In terms of the value of this overspend, on average, those willing to pay more would spend an extra 10% for a property to make sure that it wasn’t detrimental to the environment, compared with a property that did not contain sustainability features.
British people also believe that business owners and homeowners should foot the bill to ensure our city centres are as environmentally friendly as possible through features such as vertical forests, biomimicry and roof gardens.
Whilst many UK cities and towns have already pledged to improve their natural environment by implementing a more urban forest atmosphere, the research shows 62% of people believe any further developments in this field should be funded from private building owners, rather than councils or governments.
It is clear from the research that the British public are willing to embrace a greener future and are open to this being reflected in the architecture of their towns and cities, so what would some of the UKs biggest and most vibrant cities look like if they implemented the ideas of biophilic design and urban greenery?
How did we begin to imagine how this future could look?
Over recent years architects and designers have begun embracing the “outside-in” trend; adopting more natural and plant-filled interiors which are said to help improve people’s moods, quality of life and also satisfy their deep psychological craving for a connection to nature.
Health professionals are increasingly aware of the impact on mental, emotional and physical wellbeing for city-dwellers. In comparison to country-dwellers who have unlimited access to nature. But, the new biophilic design isn’t solely applicable to interiors – many are looking for ways to cover building walls and rooftops with greenery to help encourage these health, wellness and environmental benefits. The big shift we have seen is towards the use of natural materials and organic-landscaping to recreate, rather than mimic, the shapes and beauty of nature in outdoor spaces. This urban greenery is a great way of naturalising the built environment that towns and cities boast.
The nation’s capital is jam-packed with residents, commuters and tourists, as well as some of the most impressive architectural structures. With approximately 8.8 million dwellers, as well as numerous high rises and monumental corporate buildings, bringing some greenery into the fold could really transform the city.
Imagine trees and shrubs growing on the facades of buildings helping to capture the carbon dioxide as well as producing oxygen. Not only would this bring colour and vibrance to its many main shopping areas and quirky side streets, it would also help to counteract the gasses emitted from the many cars, buses and motorcycles that grace London’s streets daily.

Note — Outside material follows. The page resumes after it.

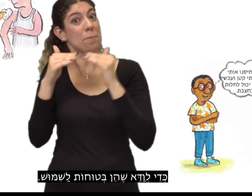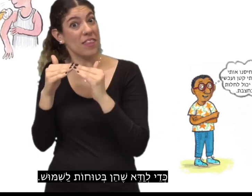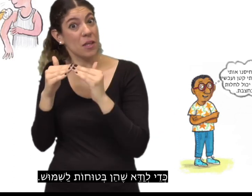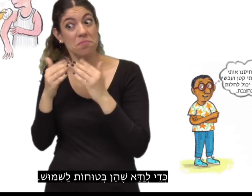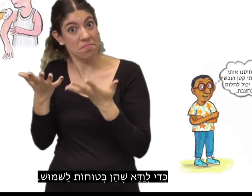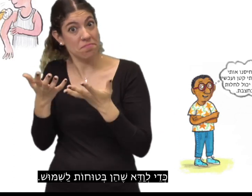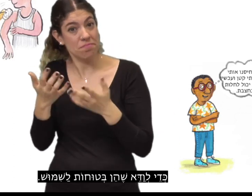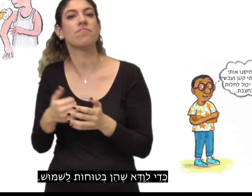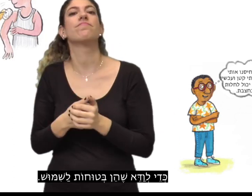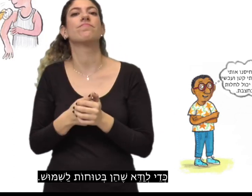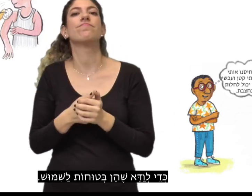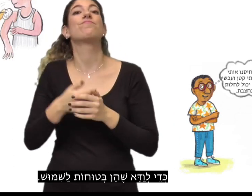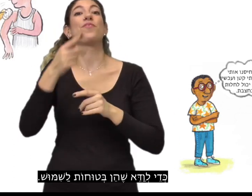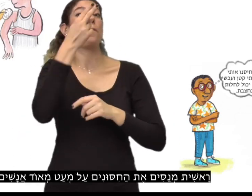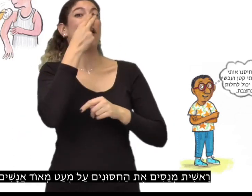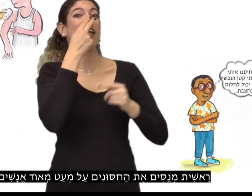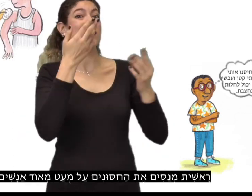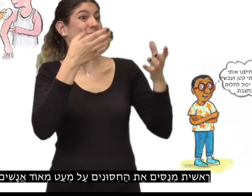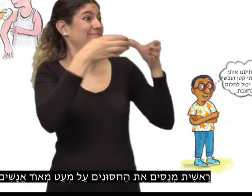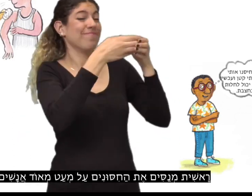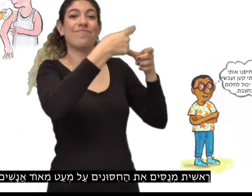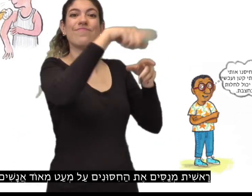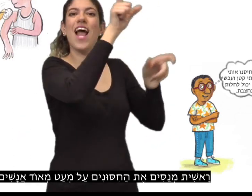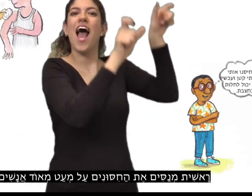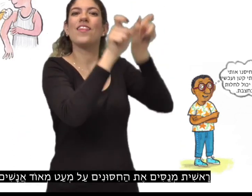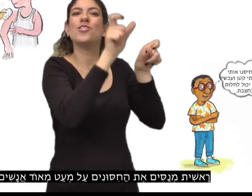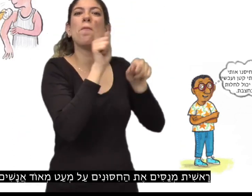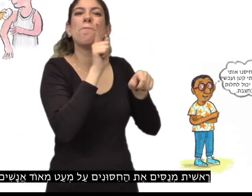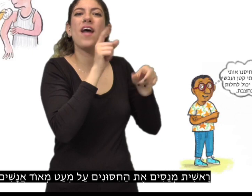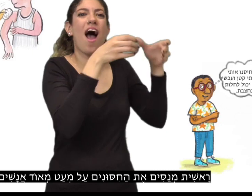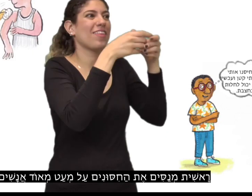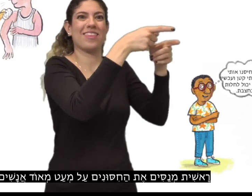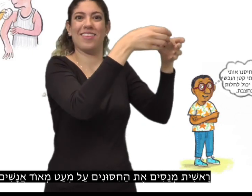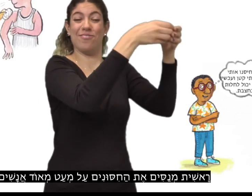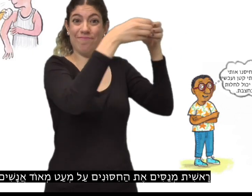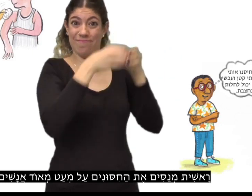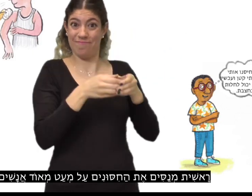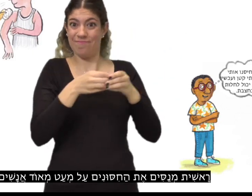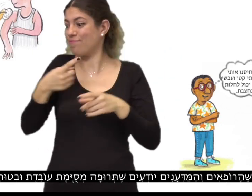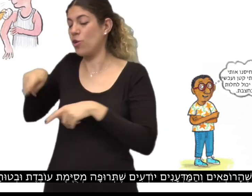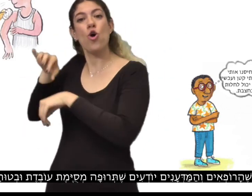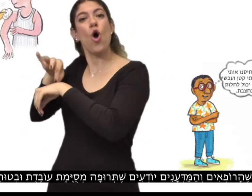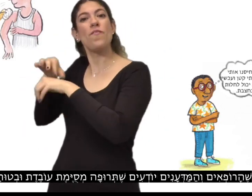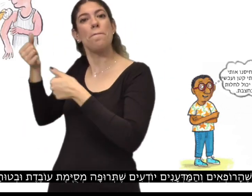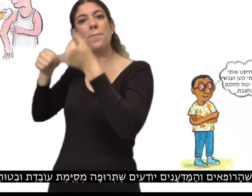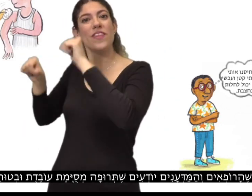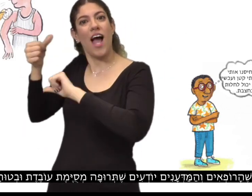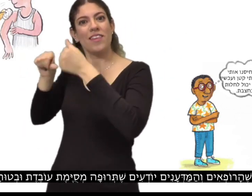לוודא שהן בטוחות לשימוש. ראשית, מנסים את החיסונים על מעט מאוד אנשים. כשהרופאים והמדענים

With the potential to be known as a “forest city”, the improvement to Glasgow’s overall look would be striking. With an array of walkways, bridges and paths filled with trees and shrubbery, Glaswegians could expect to feel immersed in nature from the moment they leave home, to the moment they return from work.
The new “capital of vertical forests”; thanks to the cities that tower over residential blocks and distinct lack of land availability, we can expect to see innovative ways of bringing more greenery to this multicultural city. Imagine tower blocks covered in vibrant green shrubbery and roof tops of buildings transformed into miniature parks and gardens; the possibilities for Birmingham are endless.
Thanks to the city’s impressive and forward thinking architecture, some of Leeds’s spiralled buildings, designed to mimic the flow and natural forms of nature, will be adorned with plants and trees to truly emulate the power and fluidity of all things natural. Known as biomimicry, where architecture mimic natural forms, these impressive structures would be set to capture the carbon dioxide and work to produce oxygen. Not only could they counteract pollution, but they could improve the overall well-being and health of residents and visitors, too.